Background: Fractures of the distal radius are extremely common injuries in adults. However, the optimal management remains controversial. In general, fractures of the distal radius are treated non-operatively if the bone fragments can be held in anatomical alignment by a plaster cast or orthotic. However, if this is not possible, then operative fixation is required. There are several operative options but the two most common in the UK, are Kirschner-wire fixation (K-wires) and volar plate fixation using fixed-angle screws (locking-plates). The primary aim of this trial is to determine if there is a difference in the Patient-Reported Wrist Evaluation one year following K-wire fixation versus locking-plate fixation for adult patients with a dorsally-displaced fracture of the distal radius. Methods/design: All adult patients with an acute, dorsally-displaced fracture of the distal radius, requiring operative fixation are potentially eligible to take part in this study. A total of 390 consenting patients will be randomly allocated to either K-wire fixation or locking-plate fixation. The surgery will be performed in trauma units across the UK using the preferred technique of the treating surgeon. Data regarding wrist function, quality of life, complications and costs will be collected at six weeks and three, six and twelve months following the injury. The primary outcome measure will be wrist function with a parallel economic analysis. Discussion: This pragmatic, multi-centre trial is due to deliver results in December 2013.

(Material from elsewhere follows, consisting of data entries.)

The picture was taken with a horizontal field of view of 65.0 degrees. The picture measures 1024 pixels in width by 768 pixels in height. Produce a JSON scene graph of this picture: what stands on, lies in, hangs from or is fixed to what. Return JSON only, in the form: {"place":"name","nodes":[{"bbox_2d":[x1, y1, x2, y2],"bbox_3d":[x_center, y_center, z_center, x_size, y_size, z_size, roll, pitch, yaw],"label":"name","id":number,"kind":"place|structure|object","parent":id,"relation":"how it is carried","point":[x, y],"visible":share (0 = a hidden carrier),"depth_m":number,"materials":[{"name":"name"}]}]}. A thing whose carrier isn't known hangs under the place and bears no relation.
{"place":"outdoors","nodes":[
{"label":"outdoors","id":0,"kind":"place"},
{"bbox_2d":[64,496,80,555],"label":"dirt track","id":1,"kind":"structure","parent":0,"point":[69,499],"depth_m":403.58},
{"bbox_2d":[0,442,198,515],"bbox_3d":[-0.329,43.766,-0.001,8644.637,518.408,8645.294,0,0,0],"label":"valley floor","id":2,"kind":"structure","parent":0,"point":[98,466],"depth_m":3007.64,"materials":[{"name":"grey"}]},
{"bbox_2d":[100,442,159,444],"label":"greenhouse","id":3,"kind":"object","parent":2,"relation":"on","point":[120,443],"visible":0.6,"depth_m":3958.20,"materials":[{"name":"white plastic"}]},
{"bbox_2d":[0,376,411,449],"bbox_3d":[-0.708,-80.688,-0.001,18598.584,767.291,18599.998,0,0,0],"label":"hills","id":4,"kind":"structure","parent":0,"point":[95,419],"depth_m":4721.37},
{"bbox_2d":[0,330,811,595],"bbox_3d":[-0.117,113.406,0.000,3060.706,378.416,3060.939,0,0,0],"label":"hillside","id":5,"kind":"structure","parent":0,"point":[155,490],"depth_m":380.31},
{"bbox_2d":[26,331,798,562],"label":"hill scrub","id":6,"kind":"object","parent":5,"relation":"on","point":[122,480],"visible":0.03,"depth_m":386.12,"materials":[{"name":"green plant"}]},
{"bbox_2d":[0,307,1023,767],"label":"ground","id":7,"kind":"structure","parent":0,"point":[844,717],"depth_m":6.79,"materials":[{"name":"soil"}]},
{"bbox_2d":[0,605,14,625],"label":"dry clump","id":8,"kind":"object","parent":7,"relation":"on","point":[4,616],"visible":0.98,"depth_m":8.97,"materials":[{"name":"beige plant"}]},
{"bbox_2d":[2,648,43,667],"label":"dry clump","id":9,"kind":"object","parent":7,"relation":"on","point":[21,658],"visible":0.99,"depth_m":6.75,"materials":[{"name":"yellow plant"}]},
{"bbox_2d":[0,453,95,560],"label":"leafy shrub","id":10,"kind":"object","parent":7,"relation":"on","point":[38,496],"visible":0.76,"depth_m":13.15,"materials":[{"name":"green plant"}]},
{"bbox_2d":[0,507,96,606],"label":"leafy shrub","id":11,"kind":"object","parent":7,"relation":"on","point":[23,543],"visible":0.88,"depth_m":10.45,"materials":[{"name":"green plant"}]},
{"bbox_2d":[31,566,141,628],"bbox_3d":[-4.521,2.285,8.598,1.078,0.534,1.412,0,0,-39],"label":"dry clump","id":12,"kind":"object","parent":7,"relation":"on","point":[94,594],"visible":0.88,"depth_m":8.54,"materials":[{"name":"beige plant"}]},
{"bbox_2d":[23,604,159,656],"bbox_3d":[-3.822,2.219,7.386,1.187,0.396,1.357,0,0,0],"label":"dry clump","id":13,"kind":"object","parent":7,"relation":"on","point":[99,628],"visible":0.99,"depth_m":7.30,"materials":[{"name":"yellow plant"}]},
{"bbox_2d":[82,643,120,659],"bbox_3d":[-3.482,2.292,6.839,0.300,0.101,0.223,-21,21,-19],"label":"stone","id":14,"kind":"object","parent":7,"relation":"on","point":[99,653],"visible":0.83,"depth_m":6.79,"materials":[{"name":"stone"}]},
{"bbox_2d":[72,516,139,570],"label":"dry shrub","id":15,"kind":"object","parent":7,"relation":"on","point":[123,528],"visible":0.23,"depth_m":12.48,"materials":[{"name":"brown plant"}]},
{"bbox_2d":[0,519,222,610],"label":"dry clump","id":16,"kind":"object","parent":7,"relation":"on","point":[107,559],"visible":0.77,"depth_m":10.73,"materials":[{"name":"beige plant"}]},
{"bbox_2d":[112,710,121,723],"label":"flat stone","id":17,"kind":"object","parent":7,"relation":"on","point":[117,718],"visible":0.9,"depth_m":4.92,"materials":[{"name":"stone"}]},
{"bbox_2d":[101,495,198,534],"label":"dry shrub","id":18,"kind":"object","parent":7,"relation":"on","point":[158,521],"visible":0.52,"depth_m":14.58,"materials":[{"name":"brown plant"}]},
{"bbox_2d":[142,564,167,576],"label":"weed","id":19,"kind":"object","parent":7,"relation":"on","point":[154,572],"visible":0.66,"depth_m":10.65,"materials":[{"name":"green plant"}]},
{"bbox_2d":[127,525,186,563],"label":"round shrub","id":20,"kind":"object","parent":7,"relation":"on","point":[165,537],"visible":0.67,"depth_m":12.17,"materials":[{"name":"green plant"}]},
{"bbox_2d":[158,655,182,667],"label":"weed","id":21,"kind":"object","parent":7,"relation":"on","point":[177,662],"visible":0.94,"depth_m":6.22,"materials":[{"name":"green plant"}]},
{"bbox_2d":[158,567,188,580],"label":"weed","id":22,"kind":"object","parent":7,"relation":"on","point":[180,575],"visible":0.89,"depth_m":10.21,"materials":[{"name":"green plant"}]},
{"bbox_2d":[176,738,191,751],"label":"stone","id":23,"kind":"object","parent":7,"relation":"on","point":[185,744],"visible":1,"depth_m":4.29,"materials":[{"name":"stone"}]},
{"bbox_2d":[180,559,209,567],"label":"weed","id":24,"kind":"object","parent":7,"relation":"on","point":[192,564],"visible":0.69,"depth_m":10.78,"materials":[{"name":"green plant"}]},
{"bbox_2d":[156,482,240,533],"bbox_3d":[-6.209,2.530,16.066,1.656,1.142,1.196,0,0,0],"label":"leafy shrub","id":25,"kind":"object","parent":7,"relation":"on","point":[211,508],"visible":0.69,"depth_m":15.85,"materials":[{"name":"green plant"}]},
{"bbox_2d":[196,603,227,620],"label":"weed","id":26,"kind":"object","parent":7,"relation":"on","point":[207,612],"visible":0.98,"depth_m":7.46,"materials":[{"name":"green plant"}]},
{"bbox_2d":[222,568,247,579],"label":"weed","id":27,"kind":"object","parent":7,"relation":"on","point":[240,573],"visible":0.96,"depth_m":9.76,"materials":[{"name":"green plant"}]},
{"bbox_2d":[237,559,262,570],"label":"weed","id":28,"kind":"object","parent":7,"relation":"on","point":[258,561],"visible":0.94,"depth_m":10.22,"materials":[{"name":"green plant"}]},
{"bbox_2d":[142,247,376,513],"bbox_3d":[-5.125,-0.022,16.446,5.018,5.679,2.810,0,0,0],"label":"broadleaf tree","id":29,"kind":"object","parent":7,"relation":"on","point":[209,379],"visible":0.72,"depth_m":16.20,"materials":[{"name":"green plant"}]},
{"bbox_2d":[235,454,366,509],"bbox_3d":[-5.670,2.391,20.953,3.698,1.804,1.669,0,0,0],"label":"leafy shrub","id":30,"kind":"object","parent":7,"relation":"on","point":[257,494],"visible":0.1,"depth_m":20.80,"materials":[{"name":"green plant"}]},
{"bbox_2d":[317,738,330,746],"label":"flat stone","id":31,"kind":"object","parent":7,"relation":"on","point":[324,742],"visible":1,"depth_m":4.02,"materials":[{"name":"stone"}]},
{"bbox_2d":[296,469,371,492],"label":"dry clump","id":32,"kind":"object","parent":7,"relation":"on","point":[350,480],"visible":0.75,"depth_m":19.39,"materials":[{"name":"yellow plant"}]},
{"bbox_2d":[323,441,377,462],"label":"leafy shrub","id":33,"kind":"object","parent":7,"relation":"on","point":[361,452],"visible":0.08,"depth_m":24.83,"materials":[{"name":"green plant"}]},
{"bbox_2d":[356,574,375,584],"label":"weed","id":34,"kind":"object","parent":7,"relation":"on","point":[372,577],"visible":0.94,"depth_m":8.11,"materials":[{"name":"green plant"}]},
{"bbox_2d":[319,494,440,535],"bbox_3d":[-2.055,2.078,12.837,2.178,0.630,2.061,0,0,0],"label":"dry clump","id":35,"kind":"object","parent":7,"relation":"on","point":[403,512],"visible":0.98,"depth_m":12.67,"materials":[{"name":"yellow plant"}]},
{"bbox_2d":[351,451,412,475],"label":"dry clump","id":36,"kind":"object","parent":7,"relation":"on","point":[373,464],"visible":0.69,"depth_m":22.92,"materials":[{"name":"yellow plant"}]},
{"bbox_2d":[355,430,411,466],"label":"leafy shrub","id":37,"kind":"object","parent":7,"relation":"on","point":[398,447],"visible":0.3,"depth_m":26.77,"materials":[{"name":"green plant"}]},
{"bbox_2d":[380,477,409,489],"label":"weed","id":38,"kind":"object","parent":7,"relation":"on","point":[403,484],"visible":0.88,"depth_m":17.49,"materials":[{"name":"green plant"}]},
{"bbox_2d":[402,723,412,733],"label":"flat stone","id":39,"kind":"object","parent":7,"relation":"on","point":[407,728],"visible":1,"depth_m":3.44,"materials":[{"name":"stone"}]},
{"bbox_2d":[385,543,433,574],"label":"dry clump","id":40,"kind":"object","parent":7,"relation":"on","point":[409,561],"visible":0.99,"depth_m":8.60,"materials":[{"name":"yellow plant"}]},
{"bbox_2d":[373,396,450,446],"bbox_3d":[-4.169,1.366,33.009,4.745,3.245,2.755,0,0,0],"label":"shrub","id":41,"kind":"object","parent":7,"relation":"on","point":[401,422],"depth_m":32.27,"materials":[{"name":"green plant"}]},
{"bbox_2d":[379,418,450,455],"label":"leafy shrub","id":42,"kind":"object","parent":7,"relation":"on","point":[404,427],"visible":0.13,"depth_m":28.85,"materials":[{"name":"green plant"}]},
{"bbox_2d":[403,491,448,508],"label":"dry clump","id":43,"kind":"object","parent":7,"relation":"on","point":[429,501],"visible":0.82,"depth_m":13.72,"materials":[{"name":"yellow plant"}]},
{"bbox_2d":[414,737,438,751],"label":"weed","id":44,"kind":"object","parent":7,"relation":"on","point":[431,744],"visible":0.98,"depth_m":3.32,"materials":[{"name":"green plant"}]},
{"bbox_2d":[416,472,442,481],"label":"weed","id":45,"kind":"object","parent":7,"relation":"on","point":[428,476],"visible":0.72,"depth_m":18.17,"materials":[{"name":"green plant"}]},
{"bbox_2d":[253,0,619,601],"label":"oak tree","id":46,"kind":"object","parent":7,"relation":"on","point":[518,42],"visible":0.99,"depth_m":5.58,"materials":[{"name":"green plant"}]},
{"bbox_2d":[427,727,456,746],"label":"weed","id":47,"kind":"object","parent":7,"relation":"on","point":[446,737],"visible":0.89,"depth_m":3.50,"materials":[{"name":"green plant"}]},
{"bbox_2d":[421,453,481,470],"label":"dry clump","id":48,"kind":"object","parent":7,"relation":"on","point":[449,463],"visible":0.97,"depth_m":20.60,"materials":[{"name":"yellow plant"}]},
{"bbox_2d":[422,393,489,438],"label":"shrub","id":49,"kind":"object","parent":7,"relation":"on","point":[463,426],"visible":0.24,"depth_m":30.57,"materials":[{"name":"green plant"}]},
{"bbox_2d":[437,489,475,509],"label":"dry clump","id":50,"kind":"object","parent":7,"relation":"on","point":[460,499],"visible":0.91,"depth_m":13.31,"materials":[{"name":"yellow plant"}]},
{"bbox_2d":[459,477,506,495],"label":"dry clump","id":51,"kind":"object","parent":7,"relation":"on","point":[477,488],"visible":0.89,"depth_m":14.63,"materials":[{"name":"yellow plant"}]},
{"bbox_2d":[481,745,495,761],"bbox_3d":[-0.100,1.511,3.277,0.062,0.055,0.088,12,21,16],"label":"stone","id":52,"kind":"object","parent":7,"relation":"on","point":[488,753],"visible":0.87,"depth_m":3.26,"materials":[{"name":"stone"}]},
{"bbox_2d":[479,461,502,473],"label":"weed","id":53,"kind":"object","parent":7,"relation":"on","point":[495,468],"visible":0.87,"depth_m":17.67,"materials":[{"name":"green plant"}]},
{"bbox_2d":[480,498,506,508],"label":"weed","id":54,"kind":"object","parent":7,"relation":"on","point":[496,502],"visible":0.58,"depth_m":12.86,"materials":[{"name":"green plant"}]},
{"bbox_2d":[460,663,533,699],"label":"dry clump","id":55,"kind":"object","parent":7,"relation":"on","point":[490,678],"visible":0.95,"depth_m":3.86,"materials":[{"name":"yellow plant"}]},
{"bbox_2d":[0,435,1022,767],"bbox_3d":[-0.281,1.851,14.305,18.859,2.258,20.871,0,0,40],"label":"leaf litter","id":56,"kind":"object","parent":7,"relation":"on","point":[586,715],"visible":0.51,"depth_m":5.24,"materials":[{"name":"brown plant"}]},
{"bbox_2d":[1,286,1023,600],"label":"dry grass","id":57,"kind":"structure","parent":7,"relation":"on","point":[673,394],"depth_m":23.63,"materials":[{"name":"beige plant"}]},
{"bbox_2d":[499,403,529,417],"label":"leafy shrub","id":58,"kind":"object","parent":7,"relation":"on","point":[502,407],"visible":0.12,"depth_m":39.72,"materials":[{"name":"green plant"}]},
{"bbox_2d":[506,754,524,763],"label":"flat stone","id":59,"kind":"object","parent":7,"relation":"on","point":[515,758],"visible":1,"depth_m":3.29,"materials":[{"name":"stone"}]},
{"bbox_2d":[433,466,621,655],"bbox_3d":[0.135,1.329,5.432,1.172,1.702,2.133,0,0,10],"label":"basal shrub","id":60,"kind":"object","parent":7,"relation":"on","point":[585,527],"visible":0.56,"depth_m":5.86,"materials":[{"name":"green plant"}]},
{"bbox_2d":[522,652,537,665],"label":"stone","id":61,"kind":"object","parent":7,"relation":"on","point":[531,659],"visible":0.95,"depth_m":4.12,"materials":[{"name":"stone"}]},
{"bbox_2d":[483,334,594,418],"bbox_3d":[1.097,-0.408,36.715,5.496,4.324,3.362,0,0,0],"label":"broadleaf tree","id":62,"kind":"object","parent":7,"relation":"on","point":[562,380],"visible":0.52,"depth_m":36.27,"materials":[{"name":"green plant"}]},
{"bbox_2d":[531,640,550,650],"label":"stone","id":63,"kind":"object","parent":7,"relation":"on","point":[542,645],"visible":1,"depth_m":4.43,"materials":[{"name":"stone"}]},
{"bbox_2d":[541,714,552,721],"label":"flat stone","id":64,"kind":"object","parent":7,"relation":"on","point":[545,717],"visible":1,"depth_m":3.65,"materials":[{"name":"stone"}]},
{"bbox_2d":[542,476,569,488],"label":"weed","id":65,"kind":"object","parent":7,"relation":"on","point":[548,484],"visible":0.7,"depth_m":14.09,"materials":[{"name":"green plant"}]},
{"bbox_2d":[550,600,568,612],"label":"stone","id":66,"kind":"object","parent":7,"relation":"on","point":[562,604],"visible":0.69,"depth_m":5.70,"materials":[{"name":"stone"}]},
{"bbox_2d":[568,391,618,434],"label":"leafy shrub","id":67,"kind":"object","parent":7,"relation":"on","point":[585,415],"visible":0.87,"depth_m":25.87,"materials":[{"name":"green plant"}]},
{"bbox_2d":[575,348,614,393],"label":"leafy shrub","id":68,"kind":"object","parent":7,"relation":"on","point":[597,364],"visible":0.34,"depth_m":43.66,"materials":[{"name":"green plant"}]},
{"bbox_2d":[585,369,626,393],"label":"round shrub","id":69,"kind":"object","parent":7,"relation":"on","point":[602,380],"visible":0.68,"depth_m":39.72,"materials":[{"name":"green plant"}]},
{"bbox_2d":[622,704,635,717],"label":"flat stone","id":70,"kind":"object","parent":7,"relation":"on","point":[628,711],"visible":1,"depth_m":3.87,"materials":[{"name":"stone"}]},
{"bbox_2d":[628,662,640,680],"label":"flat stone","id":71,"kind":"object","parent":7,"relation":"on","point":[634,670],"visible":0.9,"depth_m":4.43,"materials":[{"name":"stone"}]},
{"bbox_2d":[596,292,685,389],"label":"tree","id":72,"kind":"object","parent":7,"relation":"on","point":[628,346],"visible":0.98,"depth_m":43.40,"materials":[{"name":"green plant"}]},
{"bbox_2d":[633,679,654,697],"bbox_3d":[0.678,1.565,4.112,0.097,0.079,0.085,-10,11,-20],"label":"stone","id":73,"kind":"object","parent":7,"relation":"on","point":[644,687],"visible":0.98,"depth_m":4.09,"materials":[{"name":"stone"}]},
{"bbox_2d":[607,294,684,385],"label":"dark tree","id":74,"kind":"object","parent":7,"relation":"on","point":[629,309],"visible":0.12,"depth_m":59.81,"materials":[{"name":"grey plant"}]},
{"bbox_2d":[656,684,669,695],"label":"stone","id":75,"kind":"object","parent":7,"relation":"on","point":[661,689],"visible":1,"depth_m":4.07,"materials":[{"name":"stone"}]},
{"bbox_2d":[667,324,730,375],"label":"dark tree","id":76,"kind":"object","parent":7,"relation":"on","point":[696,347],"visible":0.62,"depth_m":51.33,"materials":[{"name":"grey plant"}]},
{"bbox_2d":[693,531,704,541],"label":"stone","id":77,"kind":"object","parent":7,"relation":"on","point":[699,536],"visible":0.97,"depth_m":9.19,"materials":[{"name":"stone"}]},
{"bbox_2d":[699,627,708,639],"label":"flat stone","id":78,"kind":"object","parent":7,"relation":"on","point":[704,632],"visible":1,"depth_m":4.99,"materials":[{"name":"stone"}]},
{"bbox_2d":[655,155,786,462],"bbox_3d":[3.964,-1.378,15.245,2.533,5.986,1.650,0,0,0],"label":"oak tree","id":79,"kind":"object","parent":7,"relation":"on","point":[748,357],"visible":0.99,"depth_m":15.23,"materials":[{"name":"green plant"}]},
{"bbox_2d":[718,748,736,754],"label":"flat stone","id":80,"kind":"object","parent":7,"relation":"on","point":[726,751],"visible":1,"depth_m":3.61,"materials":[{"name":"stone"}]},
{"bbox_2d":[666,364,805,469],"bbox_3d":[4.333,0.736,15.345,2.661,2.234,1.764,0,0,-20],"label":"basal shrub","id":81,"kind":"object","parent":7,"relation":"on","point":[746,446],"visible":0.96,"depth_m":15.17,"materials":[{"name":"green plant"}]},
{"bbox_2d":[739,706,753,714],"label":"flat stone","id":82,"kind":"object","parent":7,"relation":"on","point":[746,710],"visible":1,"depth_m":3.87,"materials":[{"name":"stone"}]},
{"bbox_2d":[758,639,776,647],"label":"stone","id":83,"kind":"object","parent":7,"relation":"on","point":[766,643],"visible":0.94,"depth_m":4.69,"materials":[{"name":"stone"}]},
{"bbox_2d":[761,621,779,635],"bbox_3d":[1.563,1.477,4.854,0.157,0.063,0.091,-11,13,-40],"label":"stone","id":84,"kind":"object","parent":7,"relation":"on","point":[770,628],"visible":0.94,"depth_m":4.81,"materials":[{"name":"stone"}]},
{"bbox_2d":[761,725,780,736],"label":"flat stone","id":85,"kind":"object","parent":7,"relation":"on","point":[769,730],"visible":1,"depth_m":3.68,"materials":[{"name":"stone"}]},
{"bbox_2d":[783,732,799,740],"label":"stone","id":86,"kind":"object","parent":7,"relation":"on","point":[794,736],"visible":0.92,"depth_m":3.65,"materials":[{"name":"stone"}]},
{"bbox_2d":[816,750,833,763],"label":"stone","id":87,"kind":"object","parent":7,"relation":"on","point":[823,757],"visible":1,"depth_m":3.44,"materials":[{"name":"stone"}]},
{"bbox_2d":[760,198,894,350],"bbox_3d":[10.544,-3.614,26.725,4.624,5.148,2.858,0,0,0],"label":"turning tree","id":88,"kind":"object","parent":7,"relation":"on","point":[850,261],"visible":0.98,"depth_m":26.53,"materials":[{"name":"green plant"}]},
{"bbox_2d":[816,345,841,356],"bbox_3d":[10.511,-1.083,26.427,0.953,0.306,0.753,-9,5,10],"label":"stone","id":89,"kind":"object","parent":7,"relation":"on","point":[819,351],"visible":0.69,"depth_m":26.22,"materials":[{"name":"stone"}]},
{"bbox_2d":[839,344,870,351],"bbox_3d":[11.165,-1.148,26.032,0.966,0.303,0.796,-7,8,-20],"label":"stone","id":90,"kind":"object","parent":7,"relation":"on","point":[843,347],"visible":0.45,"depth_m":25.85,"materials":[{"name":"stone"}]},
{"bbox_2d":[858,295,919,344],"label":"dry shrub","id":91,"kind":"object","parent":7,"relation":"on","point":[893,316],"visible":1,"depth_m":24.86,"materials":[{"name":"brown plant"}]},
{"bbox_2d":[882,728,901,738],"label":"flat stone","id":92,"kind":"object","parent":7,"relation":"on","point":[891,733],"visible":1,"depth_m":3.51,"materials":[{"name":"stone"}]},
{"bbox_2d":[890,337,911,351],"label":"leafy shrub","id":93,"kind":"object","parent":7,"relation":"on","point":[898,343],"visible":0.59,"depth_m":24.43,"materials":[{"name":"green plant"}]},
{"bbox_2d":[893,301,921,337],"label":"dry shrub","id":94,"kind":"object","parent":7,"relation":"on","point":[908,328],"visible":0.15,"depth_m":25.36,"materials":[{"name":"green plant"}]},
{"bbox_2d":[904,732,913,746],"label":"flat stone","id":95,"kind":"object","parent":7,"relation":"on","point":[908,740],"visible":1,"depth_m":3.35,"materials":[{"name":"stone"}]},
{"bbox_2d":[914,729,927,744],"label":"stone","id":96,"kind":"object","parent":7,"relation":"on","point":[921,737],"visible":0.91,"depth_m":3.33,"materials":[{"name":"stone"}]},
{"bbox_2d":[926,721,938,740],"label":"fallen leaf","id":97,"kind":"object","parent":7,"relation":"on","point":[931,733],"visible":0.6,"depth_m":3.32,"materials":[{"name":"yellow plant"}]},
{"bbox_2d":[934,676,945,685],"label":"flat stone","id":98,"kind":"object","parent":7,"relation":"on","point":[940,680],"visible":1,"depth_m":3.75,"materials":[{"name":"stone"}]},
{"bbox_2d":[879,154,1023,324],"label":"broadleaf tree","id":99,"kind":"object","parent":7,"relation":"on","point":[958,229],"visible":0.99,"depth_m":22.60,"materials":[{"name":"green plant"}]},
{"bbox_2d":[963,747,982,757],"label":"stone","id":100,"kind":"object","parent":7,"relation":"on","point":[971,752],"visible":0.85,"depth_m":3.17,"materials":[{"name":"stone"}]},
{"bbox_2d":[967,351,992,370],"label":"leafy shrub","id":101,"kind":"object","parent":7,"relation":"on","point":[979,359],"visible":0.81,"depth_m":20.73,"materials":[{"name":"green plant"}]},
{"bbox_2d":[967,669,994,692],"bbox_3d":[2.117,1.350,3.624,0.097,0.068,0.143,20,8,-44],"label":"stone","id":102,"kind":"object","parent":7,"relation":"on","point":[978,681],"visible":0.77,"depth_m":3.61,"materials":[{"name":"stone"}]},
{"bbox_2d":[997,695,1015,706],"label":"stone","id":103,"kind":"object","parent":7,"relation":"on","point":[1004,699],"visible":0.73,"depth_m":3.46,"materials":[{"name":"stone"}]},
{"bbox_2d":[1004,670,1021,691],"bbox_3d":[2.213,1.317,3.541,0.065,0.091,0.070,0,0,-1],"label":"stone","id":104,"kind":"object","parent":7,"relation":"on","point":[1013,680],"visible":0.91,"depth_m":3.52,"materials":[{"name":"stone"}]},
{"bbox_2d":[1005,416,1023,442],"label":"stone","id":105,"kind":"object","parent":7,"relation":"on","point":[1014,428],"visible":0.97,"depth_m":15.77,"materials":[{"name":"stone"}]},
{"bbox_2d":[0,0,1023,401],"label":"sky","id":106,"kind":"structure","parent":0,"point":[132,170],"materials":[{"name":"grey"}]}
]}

Item Type: Journal Article
Subjects: R Medicine > RD Surgery
Divisions: Faculty of Medicine > Warwick Medical School > Health Sciences
Faculty of Medicine > Warwick Medical School
Library of Congress Subject Headings (LCSH): Wrist -- Fractures -- Treatment, Bone wiring (Orthopedics), Bone screws (Orthopedics)

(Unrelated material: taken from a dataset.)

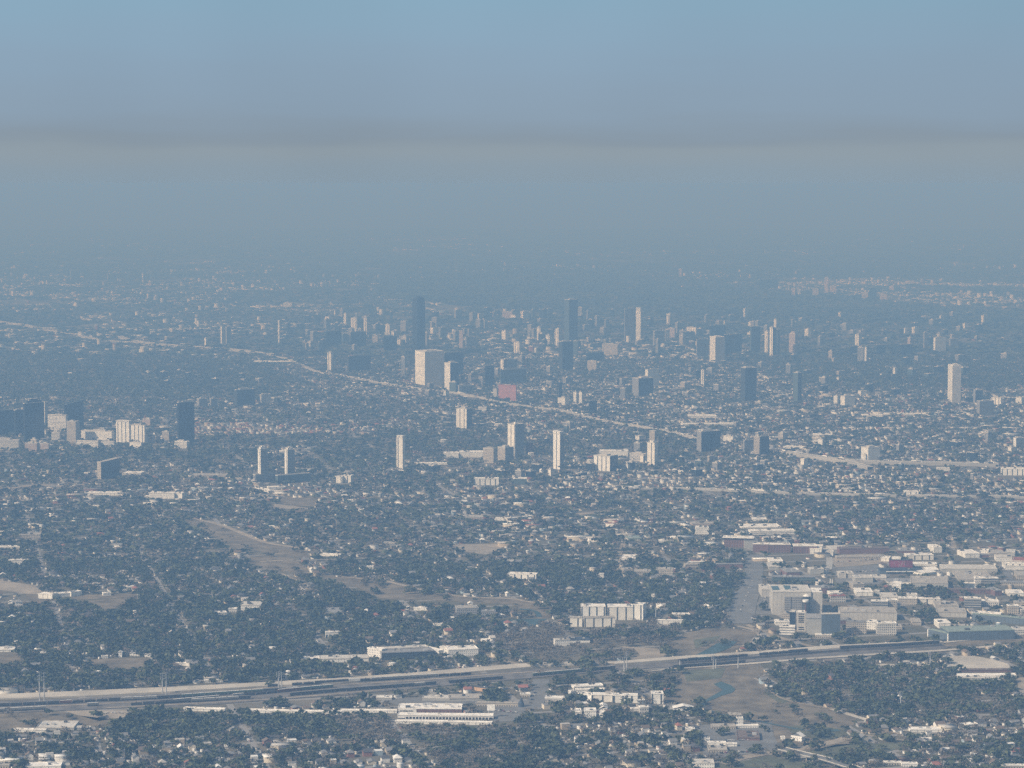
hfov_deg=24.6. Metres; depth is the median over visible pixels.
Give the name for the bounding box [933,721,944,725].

Journal or Publication Title: BMC Musculoskeletal Disorders
Publisher: BioMed Central Ltd.
ISSN: 1471-2474
Date: 13 September 2011
Volume: Vol.12
Number: No.1
Page Range: p. 201
Identification Number: 10.1186/1471-2474-12-201
Status: Peer Reviewed
Publication Status: Published
Access rights to Published version: Open Access
Funder: National Institute for Health Research (Great Britain) (NIHR)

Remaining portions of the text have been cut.